GOAL OF THE EXERCISE: An exact restatement of all the data is required, with the pictures left out.

DATA EXTRACT:
=======

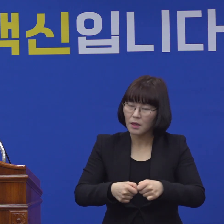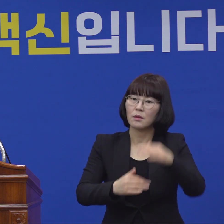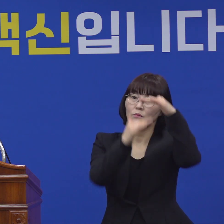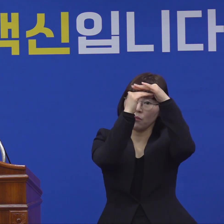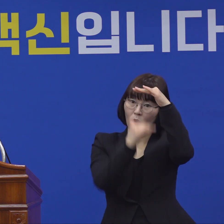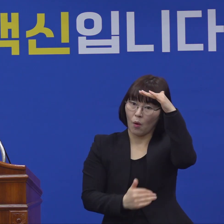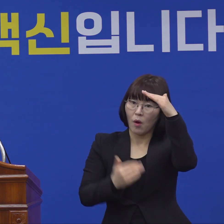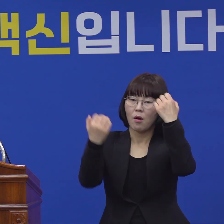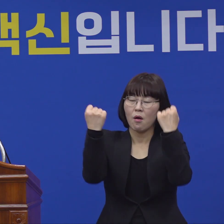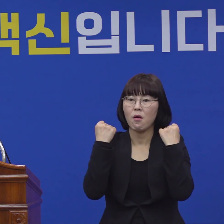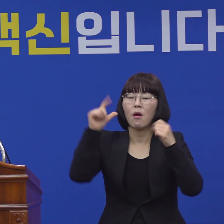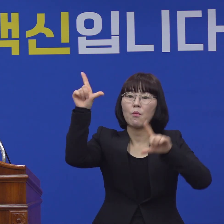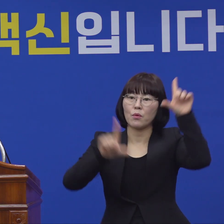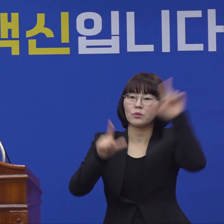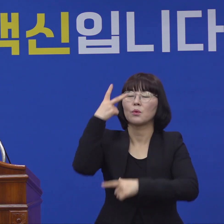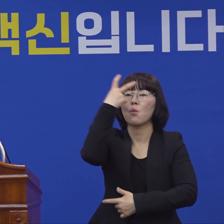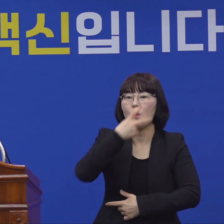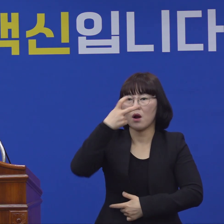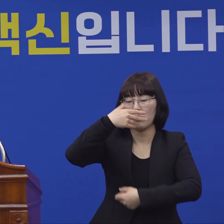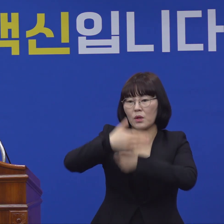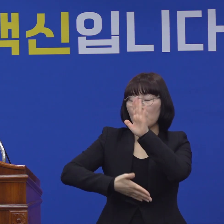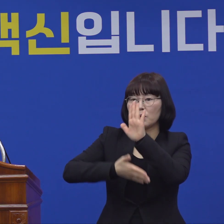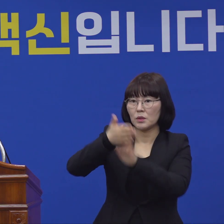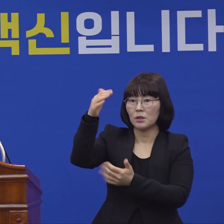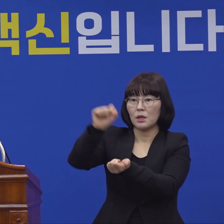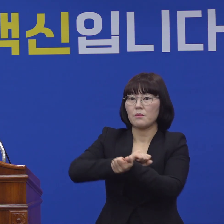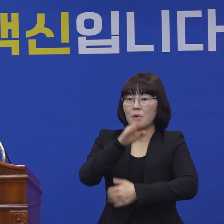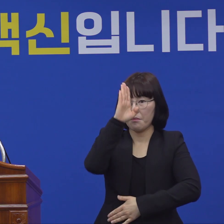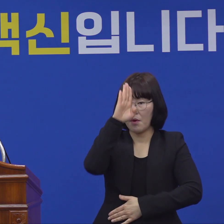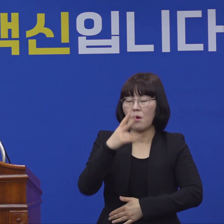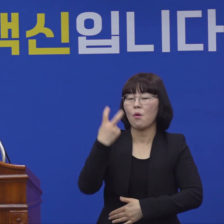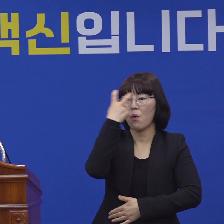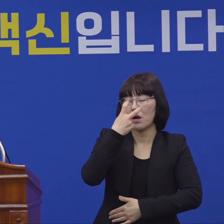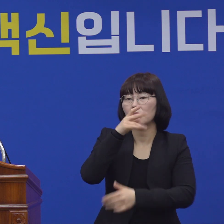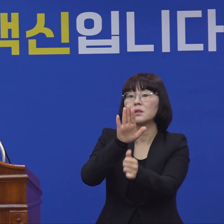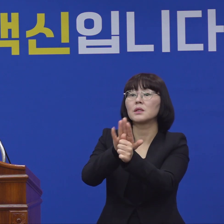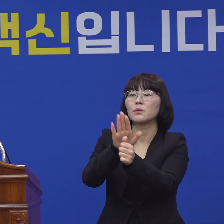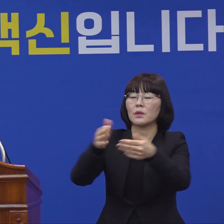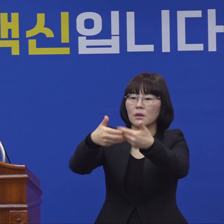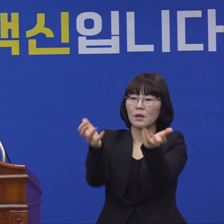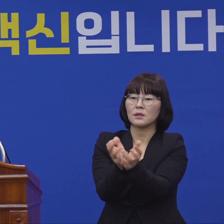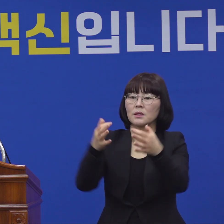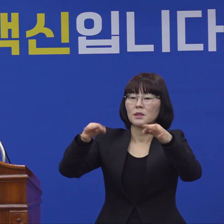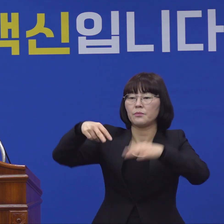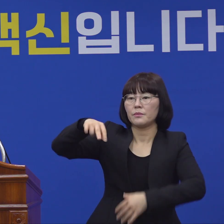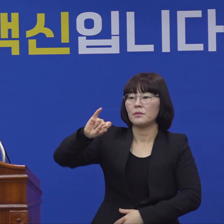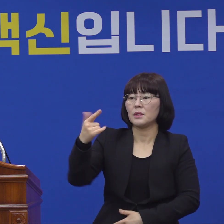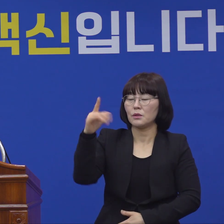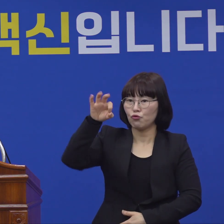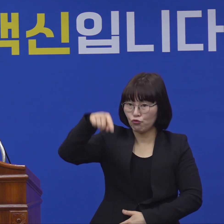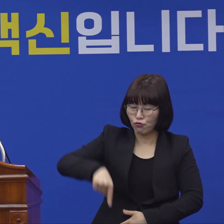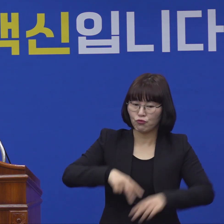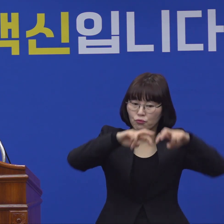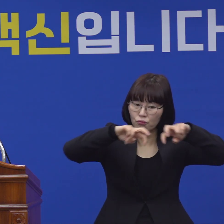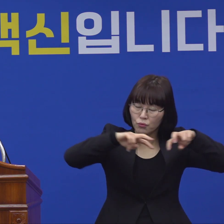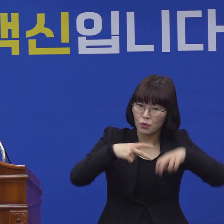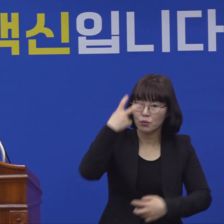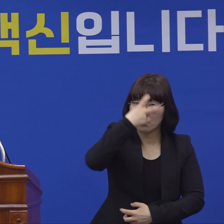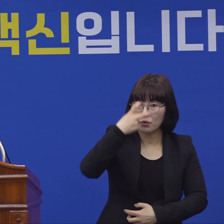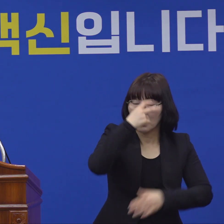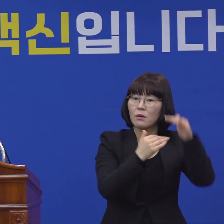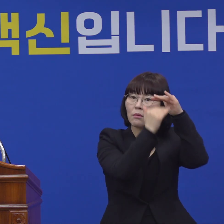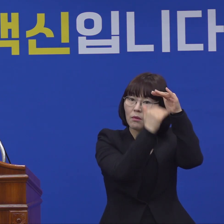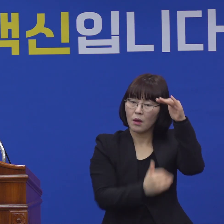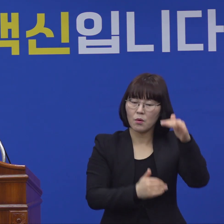건강상태와 관리에 대해서는 대구시 감염병관리지원단 김신우 단장께서, 역학조사 진행
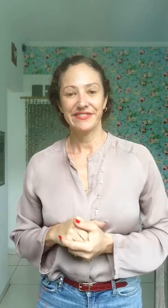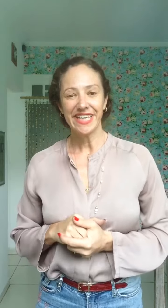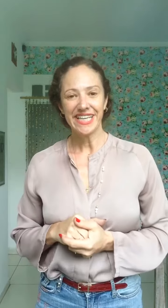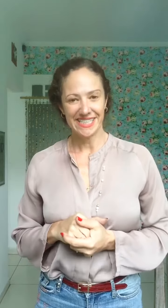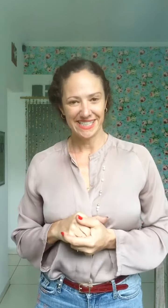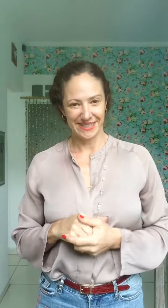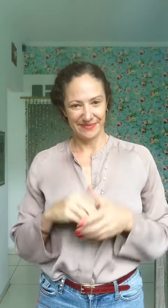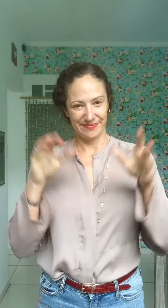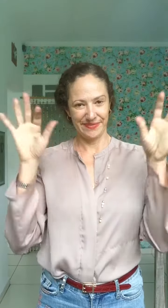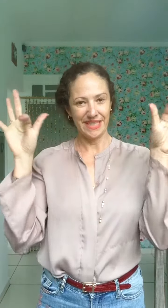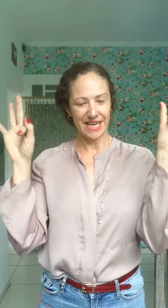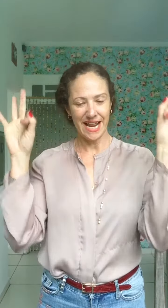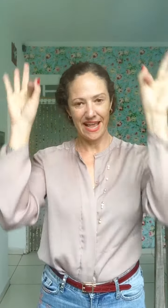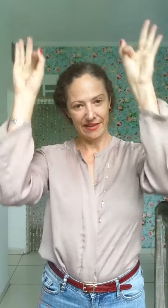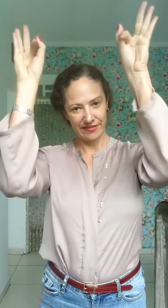Feliz, letra F.
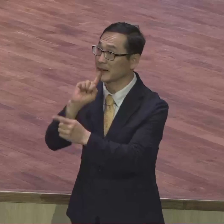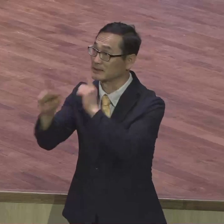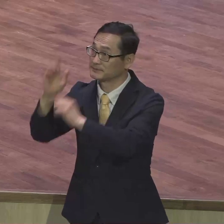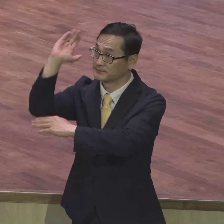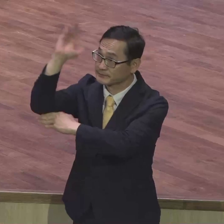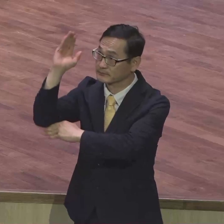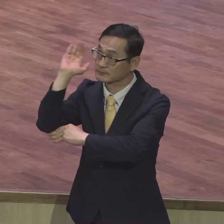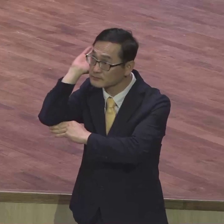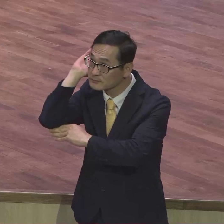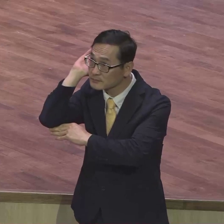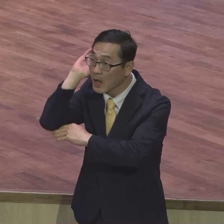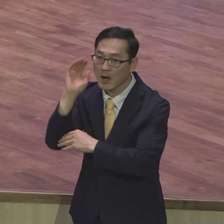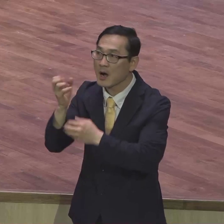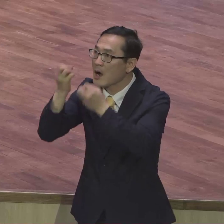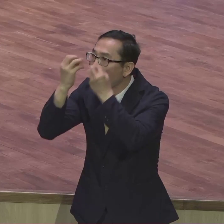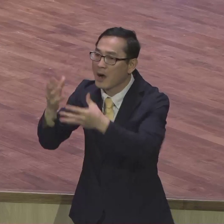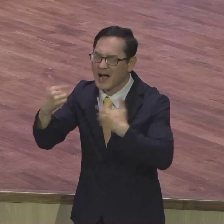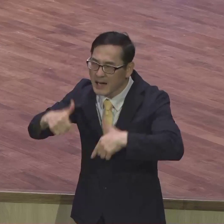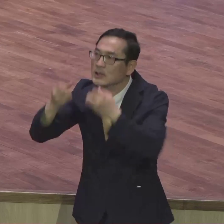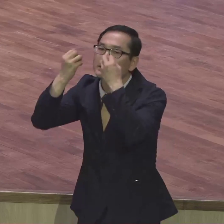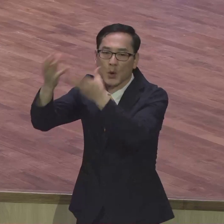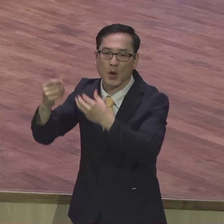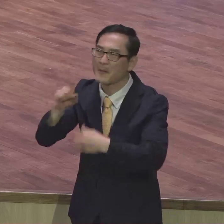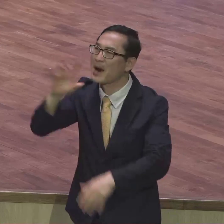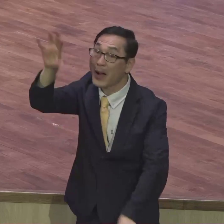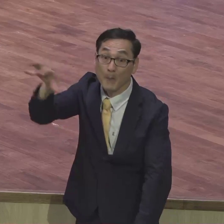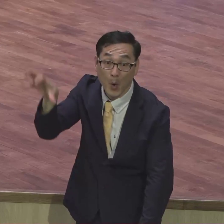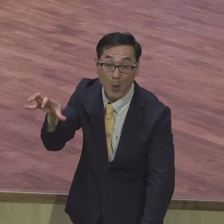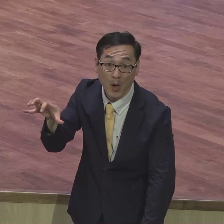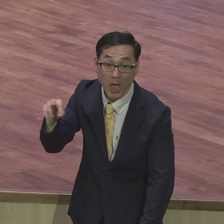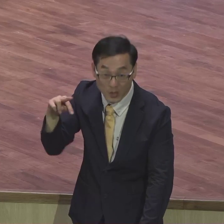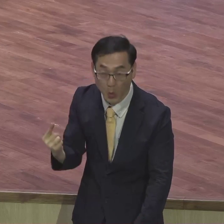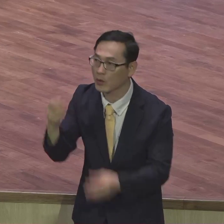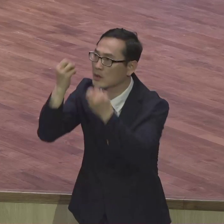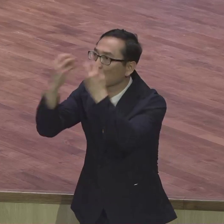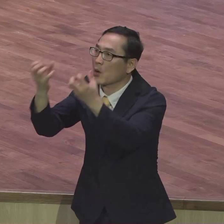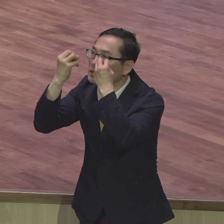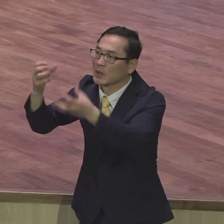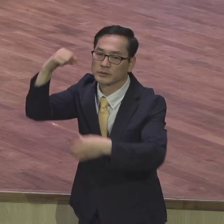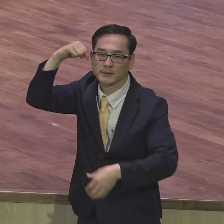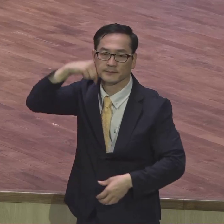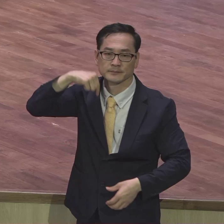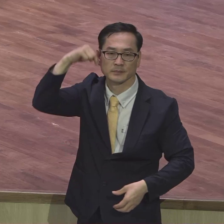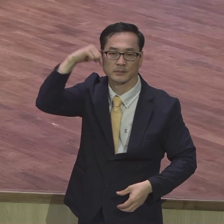새롭도다 우리 연계 나올 때마다 여러분 날로 새로운 느낌을 가져야 안 가져요

=======

ANSWER TO THIS TASK:
건강상태와 관리에 대해서는 대구시 감염병관리지원단 김신우 단장께서, 역학조사 진행
Feliz, letra F.
새롭도다 우리 연계 나올 때마다 여러분 날로 새로운 느낌을 가져야 안 가져요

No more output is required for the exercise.